What this task involves. A verbatim copy of the data is wanted, minus any picture in it.

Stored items
------------------------

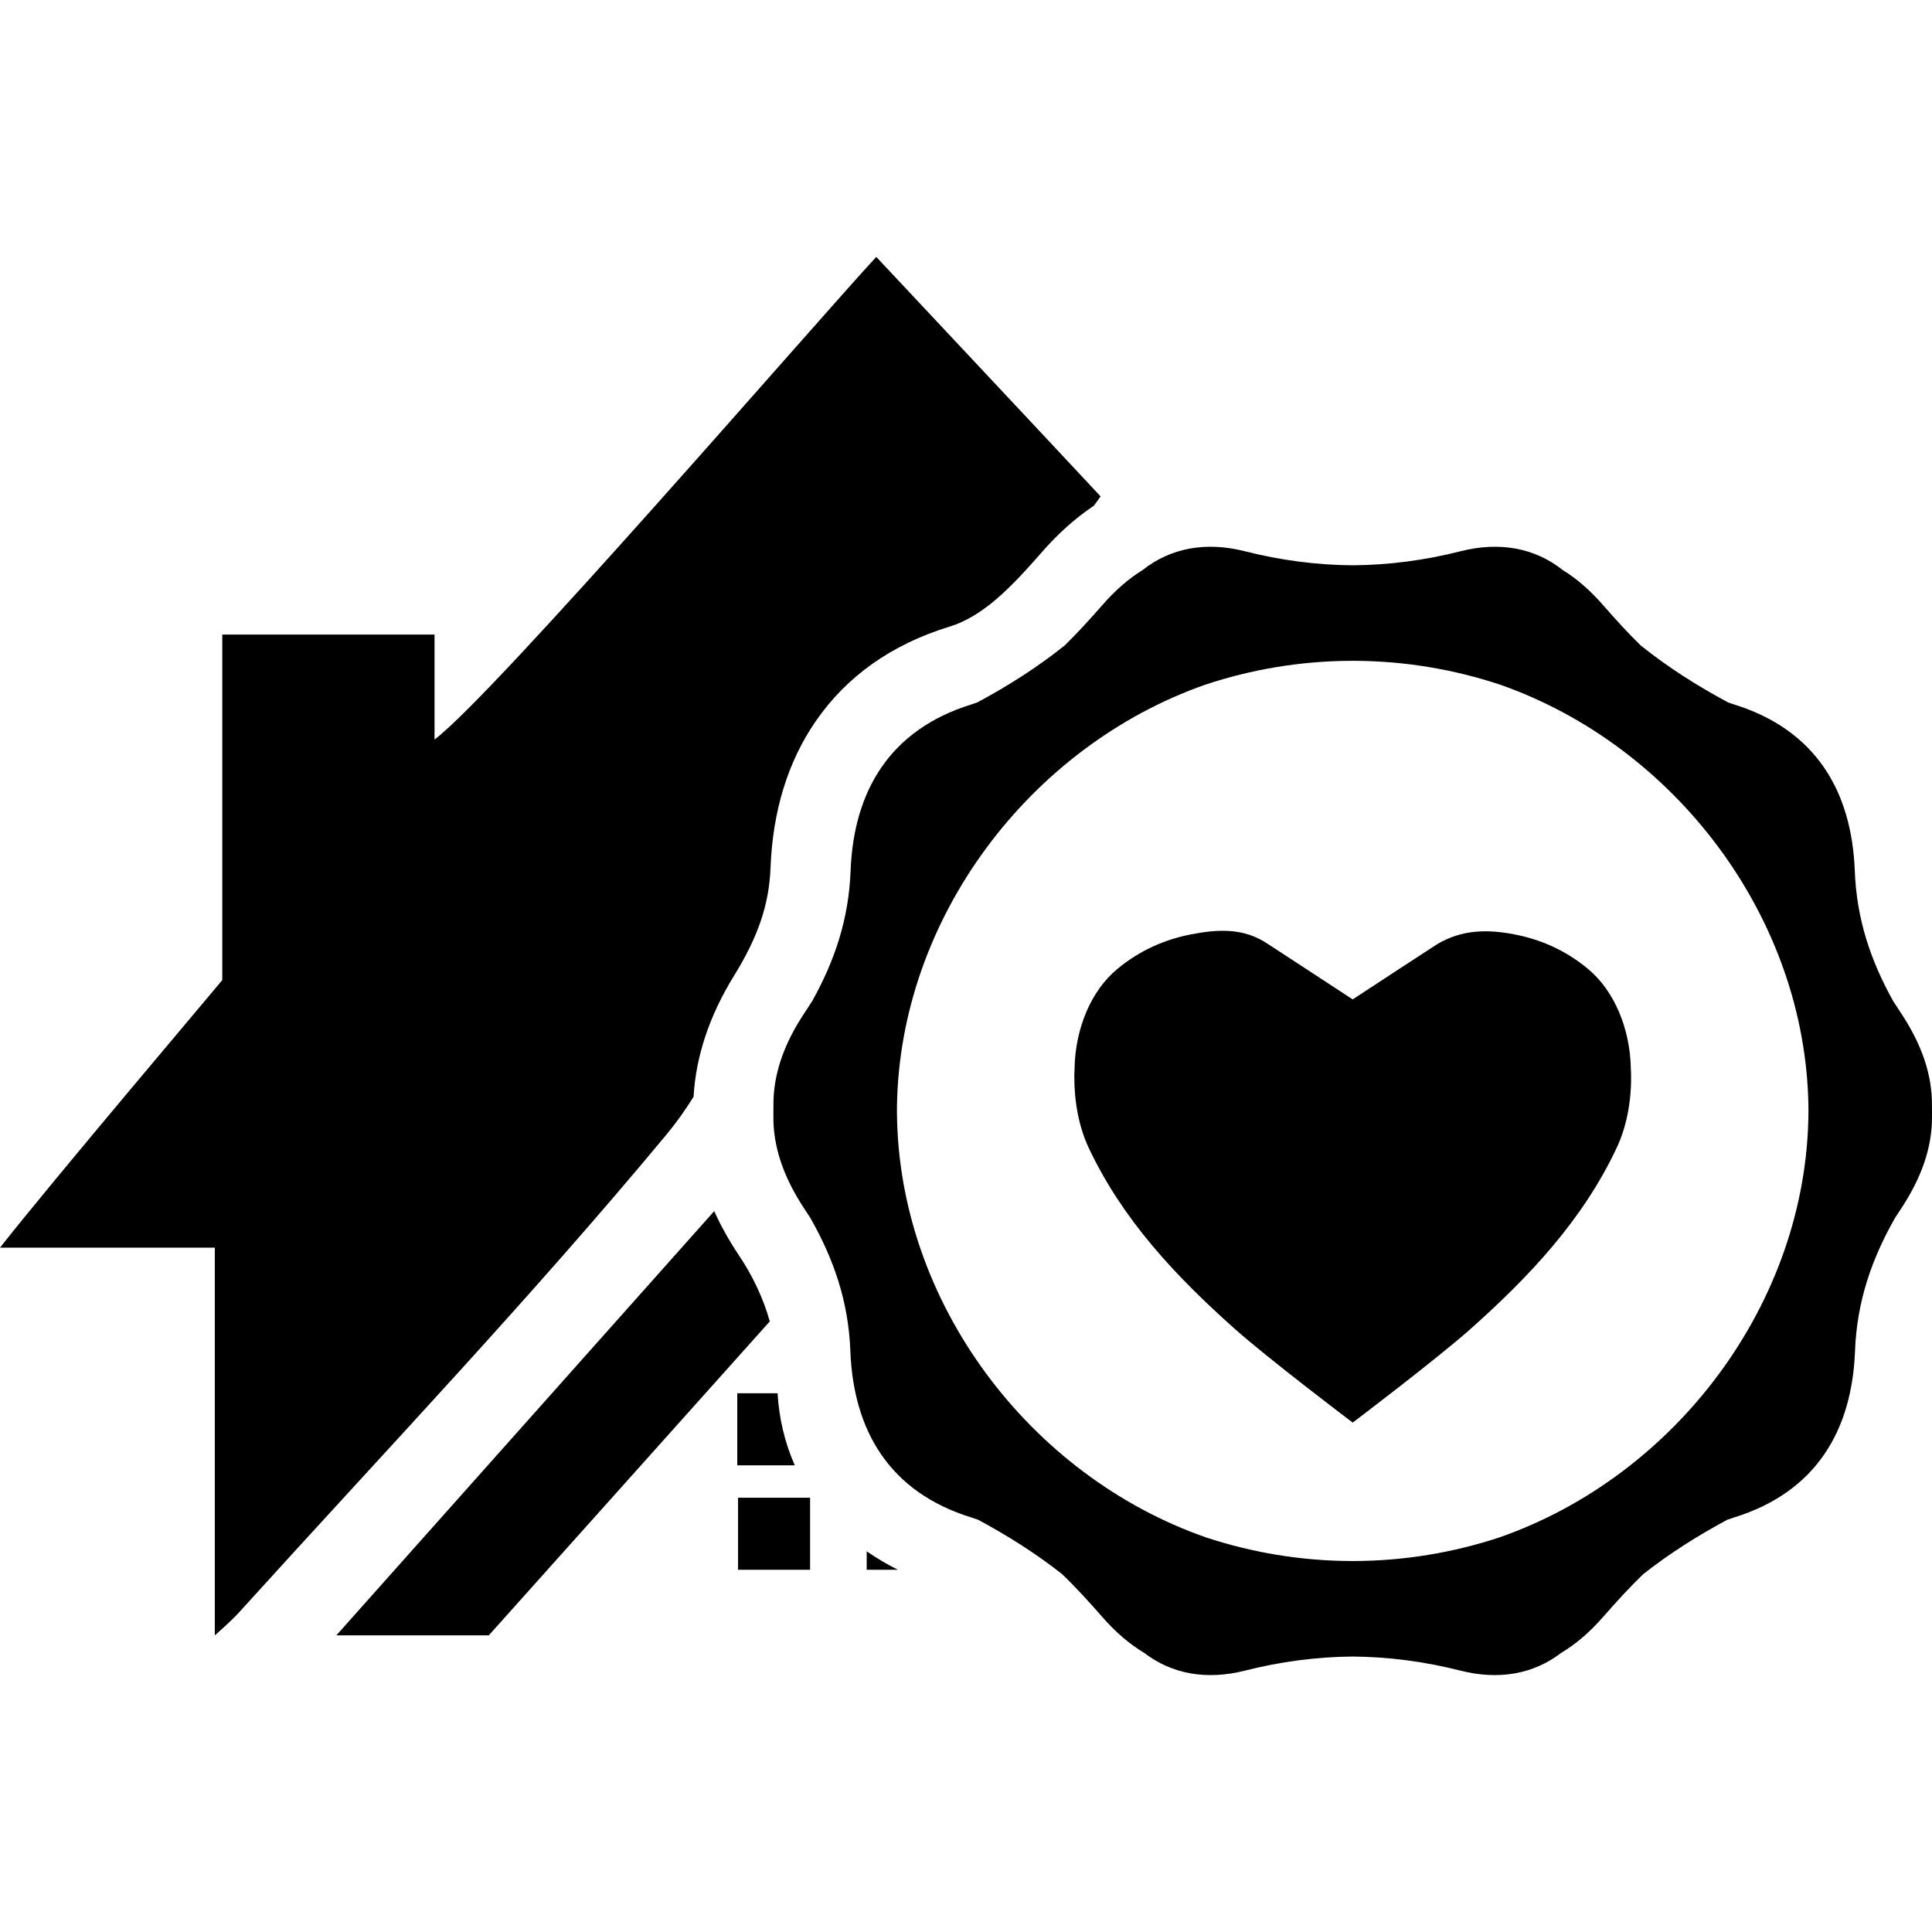 <?xml version="1.0" encoding="iso-8859-1"?>
<!-- Generator: Adobe Illustrator 16.0.0, SVG Export Plug-In . SVG Version: 6.00 Build 0)  -->
<!DOCTYPE svg PUBLIC "-//W3C//DTD SVG 1.1//EN" "http://www.w3.org/Graphics/SVG/1.1/DTD/svg11.dtd">
<svg version="1.1" id="Capa_1" xmlns="http://www.w3.org/2000/svg" xmlns:xlink="http://www.w3.org/1999/xlink" x="0px" y="0px"
	 width="675.857px" height="675.858px" viewBox="0 0 675.857 675.858" style="enable-background:new 0 0 675.857 675.858;"
	 xml:space="preserve">
<g>
	<path d="M675.85,388.812c0.014-0.721,0.01-1.44-0.01-2.16c0.084-10.704-3.602-21.499-11.08-32.634
		c-0.854-1.27-1.686-2.549-2.492-3.836c-7.784-13.96-12.798-28.542-13.427-45.662c-1.08-27.539-13.5-49.23-42.39-58.14
		c-0.634-0.192-1.244-0.417-1.866-0.627c-10.831-5.807-21.077-12.313-30.588-19.922c-4.56-4.436-8.865-9.194-13.086-14.01
		c-4.491-5.173-9.218-9.321-14.269-12.441c-9.685-7.664-21.959-10.02-35.692-6.55c-12.431,3.167-25.108,4.828-37.749,4.925
		c-12.641-0.097-25.318-1.758-37.749-4.925c-13.733-3.47-26.009-1.114-35.692,6.55c-5.051,3.12-9.776,7.268-14.269,12.441
		c-4.221,4.816-8.526,9.575-13.086,14.01c-9.511,7.61-19.757,14.116-30.588,19.922c-0.622,0.21-1.232,0.435-1.866,0.627
		c-28.89,8.91-41.31,30.601-42.39,58.14c-0.629,17.119-5.643,31.701-13.426,45.662c-0.808,1.287-1.64,2.566-2.493,3.836
		c-7.479,11.135-11.165,21.93-11.081,32.634c-0.019,0.72-0.022,1.439-0.009,2.16c-0.01,0.554-0.012,1.106-0.002,1.661
		c-0.115,10.738,3.571,21.495,11.079,32.759c0.627,0.933,1.239,1.873,1.843,2.814c8.112,14.272,13.365,29.146,14.009,46.684
		c1.08,27.54,13.5,49.229,42.391,58.141c0.772,0.234,1.521,0.504,2.274,0.765c10.359,5.569,20.191,11.771,29.347,18.983
		c4.87,4.66,9.442,9.704,13.919,14.812c4.677,5.389,9.611,9.655,14.899,12.815c9.608,7.368,21.708,9.59,35.218,6.176
		c12.405-3.159,25.057-4.82,37.671-4.925c12.614,0.104,25.266,1.766,37.671,4.925c13.51,3.414,25.608,1.192,35.218-6.176
		c5.288-3.16,10.224-7.428,14.899-12.815c4.477-5.106,9.049-10.15,13.919-14.812c9.154-7.212,18.986-13.414,29.347-18.983
		c0.754-0.261,1.502-0.529,2.274-0.765c28.891-8.91,41.311-30.601,42.391-58.141c0.645-17.536,5.896-32.41,14.009-46.684
		c0.604-0.941,1.216-1.883,1.844-2.814c7.508-11.264,11.193-22.021,11.078-32.759C675.861,389.919,675.859,389.366,675.85,388.812z
		 M473.884,546.08c-0.228,0.006-0.454,0.003-0.682,0.007c-0.228-0.004-0.454-0.001-0.682-0.007
		c-17.501-0.073-34.558-2.96-50.619-8.253c-61.69-21.518-107.629-82.142-108.128-148.617c-0.006-0.728,0.005-1.451,0.008-2.176
		c0.95-65.966,46.569-125.994,107.787-147.5c16.164-5.366,33.34-8.291,50.966-8.365c0.224-0.005,0.445-0.002,0.668-0.007
		c0.223,0.004,0.444,0.001,0.668,0.007c17.626,0.074,34.802,2.999,50.966,8.365c61.218,21.505,106.837,81.534,107.786,147.5
		c0.004,0.725,0.016,1.448,0.009,2.176c-0.498,66.477-46.438,127.101-108.128,148.617C508.44,543.12,491.385,546.006,473.884,546.08
		z"/>
	<rect x="258.188" y="523.941" width="25.2" height="25.2"/>
	<path d="M269.55,303.481c0.778-19.841,6.068-36.996,15.726-51.062c10.833-15.778,26.523-26.923,46.639-33.126l0.116-0.036
		c12.038-3.656,21.808-13.97,32.421-26.076c5.662-6.512,11.747-11.937,18.22-16.281c0.777-1.073,1.561-2.152,2.349-3.239
		c-26.37-28.26-52.021-55.53-78.48-83.79c-20.07,21.6-133.65,153.18-154.53,168.84v-36.72H77.76v120.87
		c-0.72,0.988-59.4,70.2-77.76,93.6h75.15v135.63c3.42-3.06,6.48-5.76,9.18-8.817c49.95-55.17,101.25-109.08,148.77-166.32
		c3.479-4.175,6.623-8.634,9.532-13.289c0.793-14.14,5.52-28.322,14.103-42.258C265.257,327.64,269.079,316.317,269.55,303.481z"/>
	<path d="M258.363,438.955c-3.374-5.061-6.212-10.158-8.514-15.278L117.655,572.09h53.329l98.307-109.835
		c-2.25-8.017-5.897-15.815-10.866-23.207L258.363,438.955z"/>
	<path d="M257.918,487.401v25.2h20.117c-3.441-7.766-5.491-16.228-6.022-25.2H257.918z"/>
	<path d="M303.188,549.141h10.917c-3.884-1.938-7.524-4.104-10.917-6.474V549.141z"/>
	<path d="M570.578,375.71c0-0.63-0.045-1.165-0.09-1.8c-0.013-0.18,0.005-0.45,0-0.63c-0.361-13.335-5.587-26.542-15.03-34.38
		c-8.016-6.653-16.803-10.341-25.83-12.06c-9.35-1.78-18.135-1.697-26.818,3.42c-0.451,0.266-26.641,17.371-29.608,19.351
		c-2.97-1.98-29.134-19.026-29.609-19.351c-8.323-5.683-17.369-5.253-26.817-3.42c-9.022,1.75-17.743,5.385-25.83,12.06
		c-9.465,7.812-14.669,21.045-15.03,34.38c-0.005,0.18,0,0.45,0,0.63c0,0.63-0.09,1.17-0.09,1.8c0,0.271,0.001,0.63,0,0.9
		c-0.038,8.817,1.621,17.64,4.95,24.75c11.883,25.379,30.697,45.259,51.21,63.54c11.705,10.433,41.22,32.76,41.22,32.76
		s29.607-22.414,41.22-32.76c20.517-18.278,39.327-38.161,51.21-63.54c3.329-7.11,5.044-15.933,4.95-24.75
		C570.578,376.25,570.578,375.981,570.578,375.71z"/>
</g>
<g>
</g>
<g>
</g>
<g>
</g>
<g>
</g>
<g>
</g>
<g>
</g>
<g>
</g>
<g>
</g>
<g>
</g>
<g>
</g>
<g>
</g>
<g>
</g>
<g>
</g>
<g>
</g>
<g>
</g>
</svg>

------------------------

Answer to the problem.
 <?xml version="1.0" encoding="iso-8859-1"?>
<!-- Generator: Adobe Illustrator 16.0.0, SVG Export Plug-In . SVG Version: 6.00 Build 0)  -->
<!DOCTYPE svg PUBLIC "-//W3C//DTD SVG 1.1//EN" "http://www.w3.org/Graphics/SVG/1.1/DTD/svg11.dtd">
<svg version="1.1" id="Capa_1" xmlns="http://www.w3.org/2000/svg" xmlns:xlink="http://www.w3.org/1999/xlink" x="0px" y="0px"
	 width="675.857px" height="675.858px" viewBox="0 0 675.857 675.858" style="enable-background:new 0 0 675.857 675.858;"
	 xml:space="preserve">
<g>
	<path d="M675.85,388.812c0.014-0.721,0.01-1.44-0.01-2.16c0.084-10.704-3.602-21.499-11.08-32.634
		c-0.854-1.27-1.686-2.549-2.492-3.836c-7.784-13.96-12.798-28.542-13.427-45.662c-1.08-27.539-13.5-49.23-42.39-58.14
		c-0.634-0.192-1.244-0.417-1.866-0.627c-10.831-5.807-21.077-12.313-30.588-19.922c-4.56-4.436-8.865-9.194-13.086-14.01
		c-4.491-5.173-9.218-9.321-14.269-12.441c-9.685-7.664-21.959-10.02-35.692-6.55c-12.431,3.167-25.108,4.828-37.749,4.925
		c-12.641-0.097-25.318-1.758-37.749-4.925c-13.733-3.47-26.009-1.114-35.692,6.55c-5.051,3.12-9.776,7.268-14.269,12.441
		c-4.221,4.816-8.526,9.575-13.086,14.01c-9.511,7.61-19.757,14.116-30.588,19.922c-0.622,0.21-1.232,0.435-1.866,0.627
		c-28.89,8.91-41.31,30.601-42.39,58.14c-0.629,17.119-5.643,31.701-13.426,45.662c-0.808,1.287-1.64,2.566-2.493,3.836
		c-7.479,11.135-11.165,21.93-11.081,32.634c-0.019,0.72-0.022,1.439-0.009,2.16c-0.01,0.554-0.012,1.106-0.002,1.661
		c-0.115,10.738,3.571,21.495,11.079,32.759c0.627,0.933,1.239,1.873,1.843,2.814c8.112,14.272,13.365,29.146,14.009,46.684
		c1.08,27.54,13.5,49.229,42.391,58.141c0.772,0.234,1.521,0.504,2.274,0.765c10.359,5.569,20.191,11.771,29.347,18.983
		c4.87,4.66,9.442,9.704,13.919,14.812c4.677,5.389,9.611,9.655,14.899,12.815c9.608,7.368,21.708,9.59,35.218,6.176
		c12.405-3.159,25.057-4.82,37.671-4.925c12.614,0.104,25.266,1.766,37.671,4.925c13.51,3.414,25.608,1.192,35.218-6.176
		c5.288-3.16,10.224-7.428,14.899-12.815c4.477-5.106,9.049-10.15,13.919-14.812c9.154-7.212,18.986-13.414,29.347-18.983
		c0.754-0.261,1.502-0.529,2.274-0.765c28.891-8.91,41.311-30.601,42.391-58.141c0.645-17.536,5.896-32.41,14.009-46.684
		c0.604-0.941,1.216-1.883,1.844-2.814c7.508-11.264,11.193-22.021,11.078-32.759C675.861,389.919,675.859,389.366,675.85,388.812z
		 M473.884,546.08c-0.228,0.006-0.454,0.003-0.682,0.007c-0.228-0.004-0.454-0.001-0.682-0.007
		c-17.501-0.073-34.558-2.96-50.619-8.253c-61.69-21.518-107.629-82.142-108.128-148.617c-0.006-0.728,0.005-1.451,0.008-2.176
		c0.95-65.966,46.569-125.994,107.787-147.5c16.164-5.366,33.34-8.291,50.966-8.365c0.224-0.005,0.445-0.002,0.668-0.007
		c0.223,0.004,0.444,0.001,0.668,0.007c17.626,0.074,34.802,2.999,50.966,8.365c61.218,21.505,106.837,81.534,107.786,147.5
		c0.004,0.725,0.016,1.448,0.009,2.176c-0.498,66.477-46.438,127.101-108.128,148.617C508.44,543.12,491.385,546.006,473.884,546.08
		z"/>
	<rect x="258.188" y="523.941" width="25.2" height="25.2"/>
	<path d="M269.55,303.481c0.778-19.841,6.068-36.996,15.726-51.062c10.833-15.778,26.523-26.923,46.639-33.126l0.116-0.036
		c12.038-3.656,21.808-13.97,32.421-26.076c5.662-6.512,11.747-11.937,18.22-16.281c0.777-1.073,1.561-2.152,2.349-3.239
		c-26.37-28.26-52.021-55.53-78.48-83.79c-20.07,21.6-133.65,153.18-154.53,168.84v-36.72H77.76v120.87
		c-0.72,0.988-59.4,70.2-77.76,93.6h75.15v135.63c3.42-3.06,6.48-5.76,9.18-8.817c49.95-55.17,101.25-109.08,148.77-166.32
		c3.479-4.175,6.623-8.634,9.532-13.289c0.793-14.14,5.52-28.322,14.103-42.258C265.257,327.64,269.079,316.317,269.55,303.481z"/>
	<path d="M258.363,438.955c-3.374-5.061-6.212-10.158-8.514-15.278L117.655,572.09h53.329l98.307-109.835
		c-2.25-8.017-5.897-15.815-10.866-23.207L258.363,438.955z"/>
	<path d="M257.918,487.401v25.2h20.117c-3.441-7.766-5.491-16.228-6.022-25.2H257.918z"/>
	<path d="M303.188,549.141h10.917c-3.884-1.938-7.524-4.104-10.917-6.474V549.141z"/>
	<path d="M570.578,375.71c0-0.63-0.045-1.165-0.09-1.8c-0.013-0.18,0.005-0.45,0-0.63c-0.361-13.335-5.587-26.542-15.03-34.38
		c-8.016-6.653-16.803-10.341-25.83-12.06c-9.35-1.78-18.135-1.697-26.818,3.42c-0.451,0.266-26.641,17.371-29.608,19.351
		c-2.97-1.98-29.134-19.026-29.609-19.351c-8.323-5.683-17.369-5.253-26.817-3.42c-9.022,1.75-17.743,5.385-25.83,12.06
		c-9.465,7.812-14.669,21.045-15.03,34.38c-0.005,0.18,0,0.45,0,0.63c0,0.63-0.09,1.17-0.09,1.8c0,0.271,0.001,0.63,0,0.9
		c-0.038,8.817,1.621,17.64,4.95,24.75c11.883,25.379,30.697,45.259,51.21,63.54c11.705,10.433,41.22,32.76,41.22,32.76
		s29.607-22.414,41.22-32.76c20.517-18.278,39.327-38.161,51.21-63.54c3.329-7.11,5.044-15.933,4.95-24.75
		C570.578,376.25,570.578,375.981,570.578,375.71z"/>
</g>
<g>
</g>
<g>
</g>
<g>
</g>
<g>
</g>
<g>
</g>
<g>
</g>
<g>
</g>
<g>
</g>
<g>
</g>
<g>
</g>
<g>
</g>
<g>
</g>
<g>
</g>
<g>
</g>
<g>
</g>
</svg>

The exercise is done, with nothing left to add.